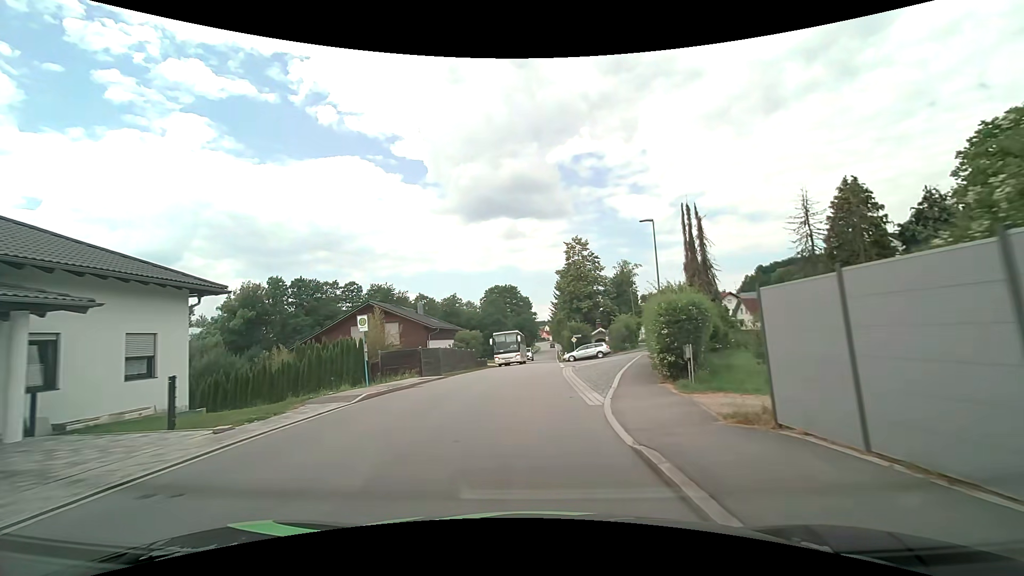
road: secondary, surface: asphalt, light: Day
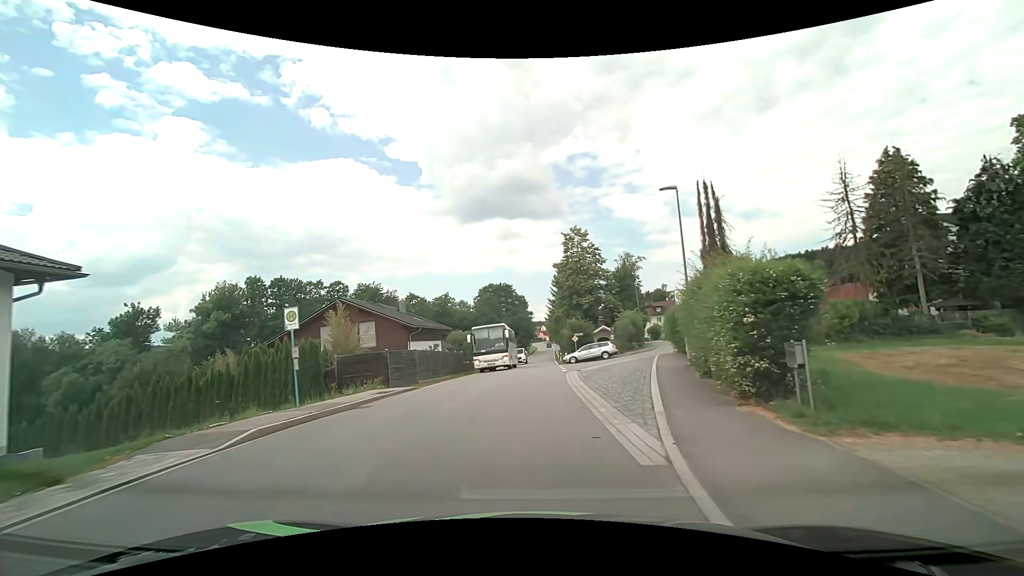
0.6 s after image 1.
(0.0, +5.9) m; +1°
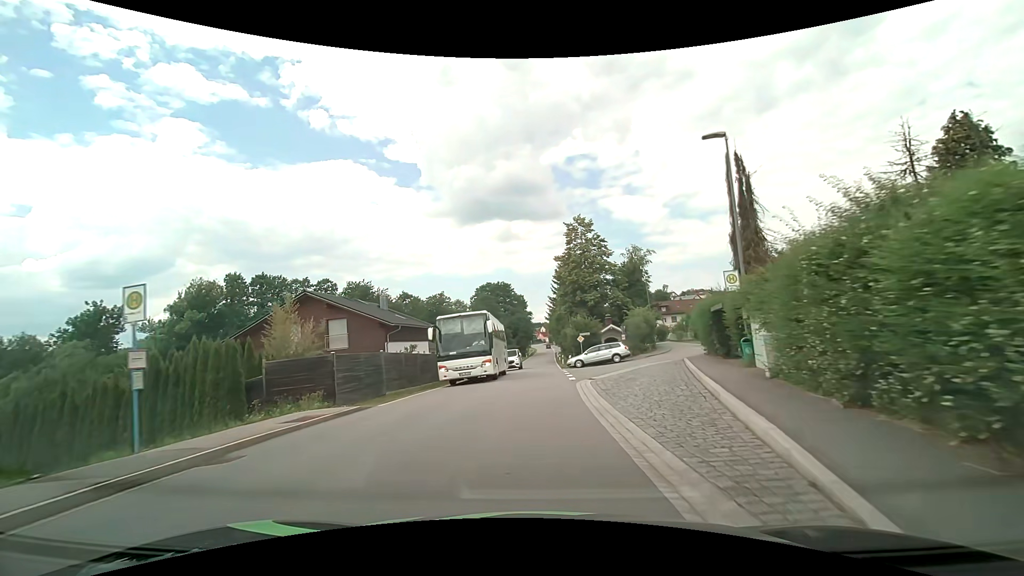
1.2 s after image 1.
(0.0, +6.1) m; -1°
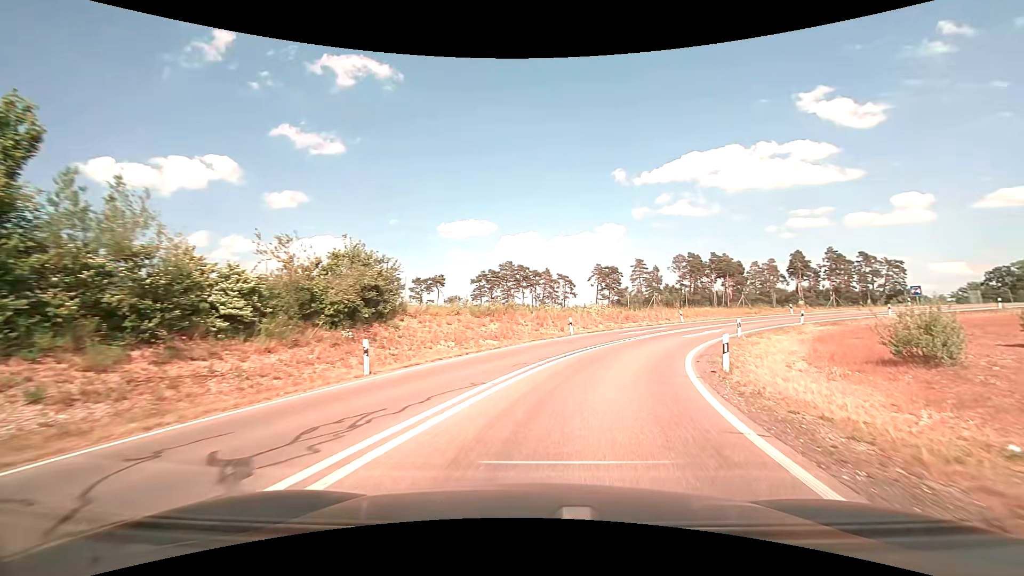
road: trunk_link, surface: asphalt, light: Day
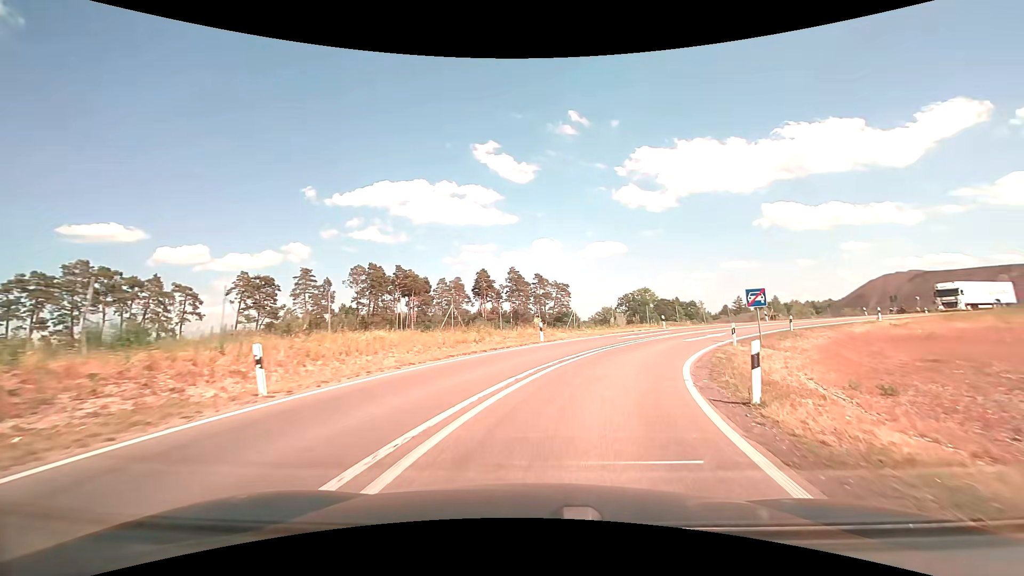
(+10.0, +31.4) m; +35°
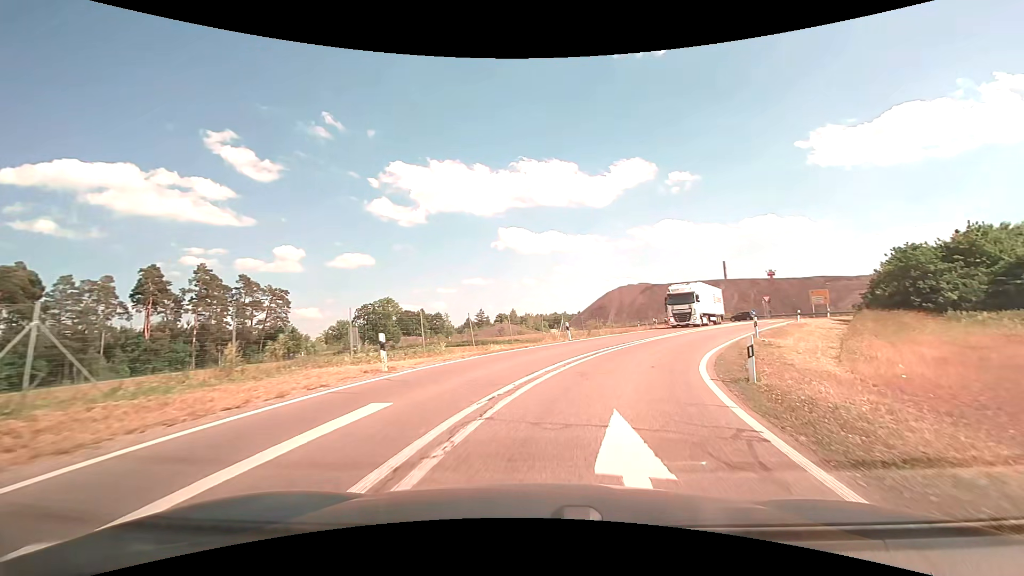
(+6.1, +25.2) m; +28°
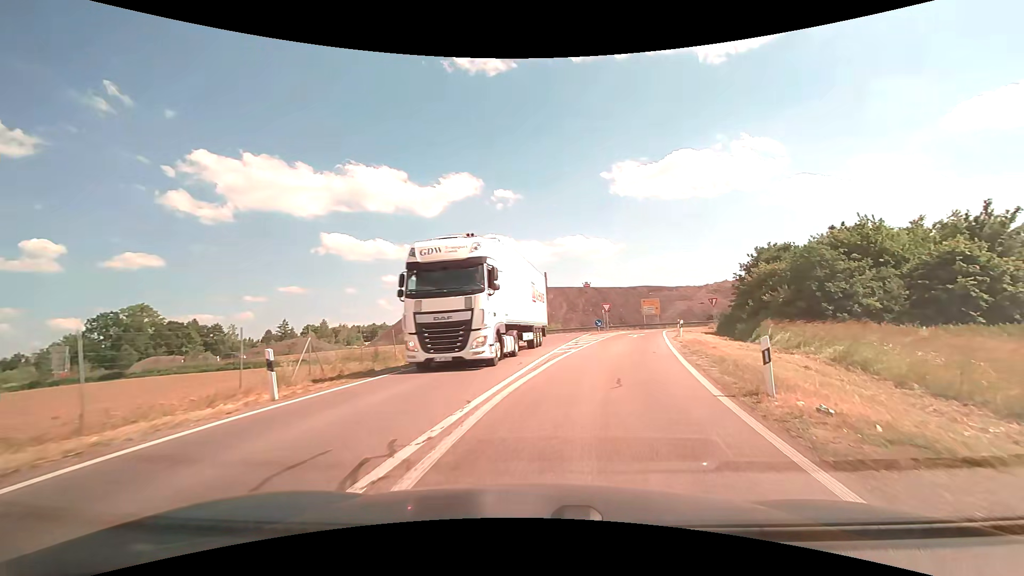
(+2.8, +16.7) m; +20°
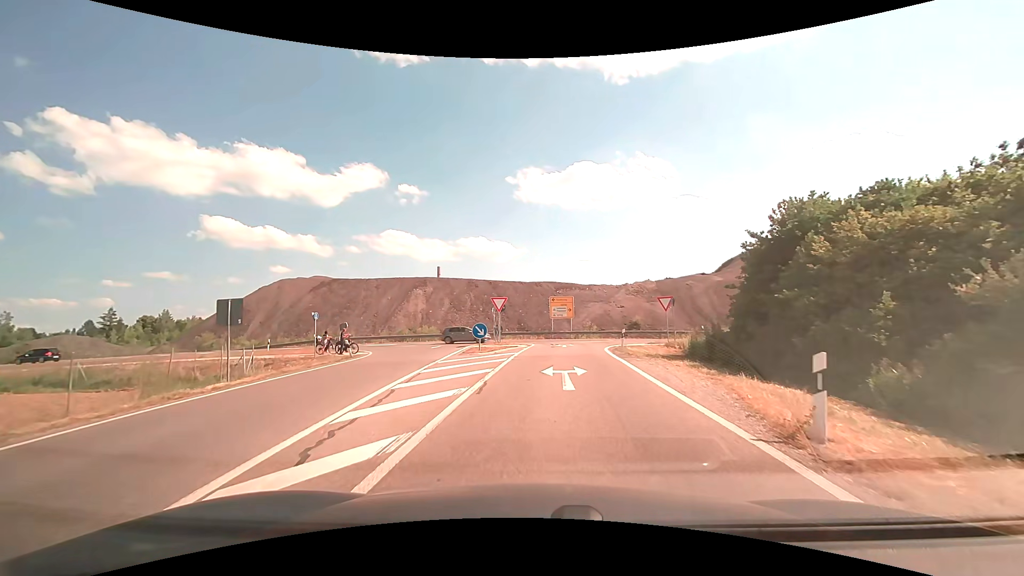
----------
## TASK TO CARRY OUT
Retype the material in full, exactly as written, and exclude the pictures.

## EXERCISE RESPONSE
road: secondary, surface: asphalt, light: Day
0.6 s after image 1.
(0.0, +5.9) m; +1°
1.2 s after image 1.
(0.0, +6.1) m; -1°
road: trunk_link, surface: asphalt, light: Day
(+10.0, +31.4) m; +35°
(+6.1, +25.2) m; +28°
(+2.8, +16.7) m; +20°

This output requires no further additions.